# 613693

LONG QT SYNDROME 6; LQT6


Other entities represented in this entry:

LONG QT SYNDROME 6, ACQUIRED, SUSCEPTIBILITY TO, INCLUDED
LONG QT SYNDROME 3/6, DIGENIC, INCLUDED; LQT3/6, DIGENIC, INCLUDED

Phenotype-Gene Relationships

Location Phenotype Phenotype
MIM number
Inheritance Phenotype
mapping key
Gene/Locus Gene/Locus
MIM number
21q22.11 Long QT syndrome 6 613693 AD 3 KCNE2 603796
Clinical Synopsis
 
Phenotypic Series
 

INHERITANCE
- Autosomal dominant
CARDIOVASCULAR
Heart
- Prolonged QT interval on EKG
- Syncope
- Torsade de pointes
- Ventricular fibrillation
- Sudden cardiac death
MISCELLANEOUS
- Association of cardiac events with exercise
- Genetic heterogeneity (see LQT1 192500)
- Patients with more severe phenotype have been reported with mutations in more than 1 LQT-related gene
- GEI (gene-environment interaction) - association of cardiac events with drug administration
MOLECULAR BASIS
- Caused by mutation in the potassium voltage-gated channel, Isk-related family, member 2 gene (KCNE2, 603796.0001)

TEXT

A number sign (#) is used with this entry because of evidence that long QT syndrome-6 (LQT6) is caused by heterozygous mutation in the KCNE2 gene (603796) on chromosome 21q22.

Digenic inheritance has also been reported; see MOLECULAR GENETICS.


Description

Congenital long QT syndrome is electrocardiographically characterized by a prolonged QT interval and polymorphic ventricular arrhythmias (torsade de pointes). These cardiac arrhythmias may result in recurrent syncope, seizure, or sudden death (Jongbloed et al., 1999).

For a discussion of genetic heterogeneity of long QT syndrome, see LQT1 (192500).


Clinical Features

Abbott et al. (1999) reported a healthy 38-year-old Caucasian female who had had ventricular fibrillation while jogging. Her resuscitation required defibrillation. The results from echocardiography and cardiac catheterization with electrophysiologic studies and right ventricular biopsy were normal. Subsequent electrocardiograms showed an atypical response to exercise with QTc intervals ranging from 390 to 500 ms.


Molecular Genetics

In 2 healthy females with LQT5, Abbott et al. (1999) identified heterozygosity for different missense mutations in the KCNE2 gene (603796.0002-603796.0003).

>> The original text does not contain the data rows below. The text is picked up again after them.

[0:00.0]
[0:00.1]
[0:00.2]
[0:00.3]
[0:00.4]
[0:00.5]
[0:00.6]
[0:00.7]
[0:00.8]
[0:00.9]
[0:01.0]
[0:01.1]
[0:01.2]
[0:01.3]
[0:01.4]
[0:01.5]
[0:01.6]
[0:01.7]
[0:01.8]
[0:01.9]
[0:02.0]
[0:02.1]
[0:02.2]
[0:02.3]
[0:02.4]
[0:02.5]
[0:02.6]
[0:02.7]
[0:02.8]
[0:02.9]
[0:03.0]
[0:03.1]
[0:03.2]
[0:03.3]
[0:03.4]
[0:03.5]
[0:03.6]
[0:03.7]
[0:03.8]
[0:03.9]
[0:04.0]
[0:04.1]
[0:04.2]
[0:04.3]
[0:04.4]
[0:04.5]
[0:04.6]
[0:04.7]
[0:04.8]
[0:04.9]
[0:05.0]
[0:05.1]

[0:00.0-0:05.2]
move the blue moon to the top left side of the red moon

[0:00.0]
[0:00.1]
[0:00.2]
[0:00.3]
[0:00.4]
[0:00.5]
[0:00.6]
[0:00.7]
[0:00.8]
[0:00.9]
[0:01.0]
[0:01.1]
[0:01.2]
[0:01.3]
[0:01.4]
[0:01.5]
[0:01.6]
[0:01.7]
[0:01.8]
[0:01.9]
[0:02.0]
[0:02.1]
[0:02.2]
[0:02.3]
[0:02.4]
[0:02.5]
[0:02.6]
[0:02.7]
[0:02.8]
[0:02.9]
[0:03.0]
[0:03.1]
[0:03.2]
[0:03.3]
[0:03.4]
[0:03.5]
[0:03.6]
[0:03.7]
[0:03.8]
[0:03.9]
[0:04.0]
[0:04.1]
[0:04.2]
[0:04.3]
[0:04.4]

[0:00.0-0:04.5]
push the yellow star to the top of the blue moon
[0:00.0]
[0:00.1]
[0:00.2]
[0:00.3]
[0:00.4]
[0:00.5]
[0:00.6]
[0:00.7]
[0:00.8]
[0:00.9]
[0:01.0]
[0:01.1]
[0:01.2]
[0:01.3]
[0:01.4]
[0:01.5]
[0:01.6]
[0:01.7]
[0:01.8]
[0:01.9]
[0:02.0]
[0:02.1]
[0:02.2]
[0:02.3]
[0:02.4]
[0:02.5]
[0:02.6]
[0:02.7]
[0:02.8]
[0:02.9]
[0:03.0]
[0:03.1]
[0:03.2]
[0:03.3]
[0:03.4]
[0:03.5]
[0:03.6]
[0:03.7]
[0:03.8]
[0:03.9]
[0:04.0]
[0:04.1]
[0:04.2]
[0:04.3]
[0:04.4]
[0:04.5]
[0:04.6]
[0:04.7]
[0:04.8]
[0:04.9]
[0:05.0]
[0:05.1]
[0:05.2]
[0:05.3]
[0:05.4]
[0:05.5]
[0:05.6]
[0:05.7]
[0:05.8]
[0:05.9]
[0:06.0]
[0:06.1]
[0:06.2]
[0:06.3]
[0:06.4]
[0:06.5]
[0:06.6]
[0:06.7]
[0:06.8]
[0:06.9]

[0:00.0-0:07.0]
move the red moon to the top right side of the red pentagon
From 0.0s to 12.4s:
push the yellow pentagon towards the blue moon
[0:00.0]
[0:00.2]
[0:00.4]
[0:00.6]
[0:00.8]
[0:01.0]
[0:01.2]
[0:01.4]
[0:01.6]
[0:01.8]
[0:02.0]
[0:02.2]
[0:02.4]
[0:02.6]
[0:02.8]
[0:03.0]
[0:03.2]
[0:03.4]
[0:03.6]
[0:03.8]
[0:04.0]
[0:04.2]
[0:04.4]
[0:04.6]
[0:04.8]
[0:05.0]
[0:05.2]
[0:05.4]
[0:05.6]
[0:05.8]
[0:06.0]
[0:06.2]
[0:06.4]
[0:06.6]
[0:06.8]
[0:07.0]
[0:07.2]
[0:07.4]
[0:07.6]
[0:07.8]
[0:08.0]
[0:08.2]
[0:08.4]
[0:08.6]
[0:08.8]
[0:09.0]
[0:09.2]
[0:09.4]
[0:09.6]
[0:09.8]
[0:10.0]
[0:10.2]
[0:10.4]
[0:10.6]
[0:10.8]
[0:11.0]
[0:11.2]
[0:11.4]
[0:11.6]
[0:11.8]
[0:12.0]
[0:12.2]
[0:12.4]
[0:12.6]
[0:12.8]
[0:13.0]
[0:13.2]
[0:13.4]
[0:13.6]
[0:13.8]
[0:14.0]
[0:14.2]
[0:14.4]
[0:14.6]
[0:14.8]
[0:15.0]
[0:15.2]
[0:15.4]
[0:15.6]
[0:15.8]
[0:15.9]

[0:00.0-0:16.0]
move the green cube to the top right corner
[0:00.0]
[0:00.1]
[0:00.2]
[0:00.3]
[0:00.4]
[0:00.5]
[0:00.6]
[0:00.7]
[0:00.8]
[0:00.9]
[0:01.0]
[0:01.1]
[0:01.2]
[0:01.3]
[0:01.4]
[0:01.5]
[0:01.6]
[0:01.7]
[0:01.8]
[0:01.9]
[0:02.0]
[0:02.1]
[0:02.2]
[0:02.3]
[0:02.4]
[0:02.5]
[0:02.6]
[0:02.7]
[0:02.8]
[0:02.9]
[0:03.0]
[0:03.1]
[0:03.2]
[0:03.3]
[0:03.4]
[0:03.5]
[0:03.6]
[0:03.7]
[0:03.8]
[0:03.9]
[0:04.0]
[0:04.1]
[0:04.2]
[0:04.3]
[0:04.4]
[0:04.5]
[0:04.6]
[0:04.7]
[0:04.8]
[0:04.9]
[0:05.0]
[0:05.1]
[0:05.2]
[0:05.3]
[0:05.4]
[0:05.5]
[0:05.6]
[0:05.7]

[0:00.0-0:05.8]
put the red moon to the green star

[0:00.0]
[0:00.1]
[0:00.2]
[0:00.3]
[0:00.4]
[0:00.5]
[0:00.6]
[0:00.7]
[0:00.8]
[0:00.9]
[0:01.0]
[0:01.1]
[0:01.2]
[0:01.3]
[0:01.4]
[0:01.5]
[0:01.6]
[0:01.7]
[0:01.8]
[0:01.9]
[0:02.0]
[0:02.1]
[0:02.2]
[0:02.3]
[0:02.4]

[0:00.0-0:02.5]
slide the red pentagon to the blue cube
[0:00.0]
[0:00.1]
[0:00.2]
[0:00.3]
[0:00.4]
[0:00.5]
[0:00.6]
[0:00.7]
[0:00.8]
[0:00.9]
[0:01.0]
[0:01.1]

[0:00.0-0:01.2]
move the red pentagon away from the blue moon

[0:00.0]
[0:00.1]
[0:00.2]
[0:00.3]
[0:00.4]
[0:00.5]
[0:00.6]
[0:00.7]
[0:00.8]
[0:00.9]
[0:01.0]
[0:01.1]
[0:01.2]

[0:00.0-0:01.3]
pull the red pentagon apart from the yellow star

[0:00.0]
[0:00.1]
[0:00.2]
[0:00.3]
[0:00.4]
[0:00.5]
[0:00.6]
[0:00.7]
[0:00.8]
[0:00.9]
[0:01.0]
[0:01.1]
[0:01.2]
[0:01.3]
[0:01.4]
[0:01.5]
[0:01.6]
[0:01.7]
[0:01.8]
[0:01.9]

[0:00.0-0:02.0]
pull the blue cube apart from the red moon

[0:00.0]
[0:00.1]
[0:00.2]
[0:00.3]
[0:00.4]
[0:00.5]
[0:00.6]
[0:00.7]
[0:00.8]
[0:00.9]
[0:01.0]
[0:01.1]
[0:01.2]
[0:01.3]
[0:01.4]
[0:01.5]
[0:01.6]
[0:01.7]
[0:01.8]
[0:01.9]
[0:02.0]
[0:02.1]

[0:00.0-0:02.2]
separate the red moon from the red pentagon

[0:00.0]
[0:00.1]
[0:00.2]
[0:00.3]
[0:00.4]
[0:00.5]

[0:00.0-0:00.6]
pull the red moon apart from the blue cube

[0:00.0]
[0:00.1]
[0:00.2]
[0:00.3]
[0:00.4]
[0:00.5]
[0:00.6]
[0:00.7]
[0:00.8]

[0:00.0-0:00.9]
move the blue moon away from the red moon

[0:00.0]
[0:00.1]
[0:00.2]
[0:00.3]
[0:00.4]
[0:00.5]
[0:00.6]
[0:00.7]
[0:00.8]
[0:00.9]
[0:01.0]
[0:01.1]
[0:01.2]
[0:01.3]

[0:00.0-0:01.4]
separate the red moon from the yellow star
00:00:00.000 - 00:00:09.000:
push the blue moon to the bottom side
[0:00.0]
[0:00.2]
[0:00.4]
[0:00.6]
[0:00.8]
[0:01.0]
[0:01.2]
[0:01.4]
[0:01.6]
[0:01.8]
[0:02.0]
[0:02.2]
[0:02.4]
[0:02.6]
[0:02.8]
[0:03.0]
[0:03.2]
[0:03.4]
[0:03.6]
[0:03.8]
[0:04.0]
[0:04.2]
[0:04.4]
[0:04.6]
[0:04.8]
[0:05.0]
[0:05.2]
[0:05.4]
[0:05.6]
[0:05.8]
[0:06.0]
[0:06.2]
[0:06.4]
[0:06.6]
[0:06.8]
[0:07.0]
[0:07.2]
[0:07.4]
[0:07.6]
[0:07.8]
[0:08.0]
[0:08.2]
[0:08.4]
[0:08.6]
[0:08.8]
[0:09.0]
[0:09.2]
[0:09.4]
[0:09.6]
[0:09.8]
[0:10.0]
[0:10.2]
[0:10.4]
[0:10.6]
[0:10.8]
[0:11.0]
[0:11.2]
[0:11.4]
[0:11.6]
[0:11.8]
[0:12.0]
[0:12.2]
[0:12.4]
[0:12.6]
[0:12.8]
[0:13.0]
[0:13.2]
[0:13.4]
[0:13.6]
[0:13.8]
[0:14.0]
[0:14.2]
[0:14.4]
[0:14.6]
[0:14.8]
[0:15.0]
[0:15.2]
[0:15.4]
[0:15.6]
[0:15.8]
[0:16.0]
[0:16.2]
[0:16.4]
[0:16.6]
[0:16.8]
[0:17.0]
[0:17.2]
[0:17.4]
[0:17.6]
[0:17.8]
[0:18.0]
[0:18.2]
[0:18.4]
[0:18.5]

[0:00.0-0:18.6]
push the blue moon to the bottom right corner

In a 76-year-old African American female with acquired long QT syndrome, Abbott et al. (1999) identified a heterozygous missense mutation in the KCNE2 gene (603796.0001).

Splawski et al. (2000) screened 262 unrelated individuals with LQT syndrome for mutations in the 5 defined genes (KCNQ1, 607542; KCNH2, 152427; SCN5A 600163; KCNE1, 176261; and KCNE2) and identified mutations in 177 individuals (68%). KCNQ1 and KCNH2 accounted for 87% of mutations (42% and 45%, respectively), and SCN5A, KCNE1, and KCNE2 for the remaining 13% (8%, 3%, and 2%, respectively).

Digenic Inheritance

Tester et al. (2005) analyzed 5 LQTS-associated cardiac channel genes in 541 consecutive unrelated patients with LQT syndrome (average QTc, 482 ms). In 272 (50%) patients, they identified 211 different pathogenic mutations, including 88 in KCNQ1, 89 in KCNH2, 32 in SCN5A, and 1 each in KCNE1 and KCNE2. Mutations considered pathogenic were absent in more than 1,400 reference alleles. Among the mutation-positive patients, 29 (11%) had 2 LQTS-causing mutations, of which 16 (8%) were in 2 different LQTS genes (biallelic digenic). Tester et al. (2005) noted that patients with multiple mutations were younger at diagnosis, but they did not discern any genotype/phenotype correlations associated with location or type of mutation.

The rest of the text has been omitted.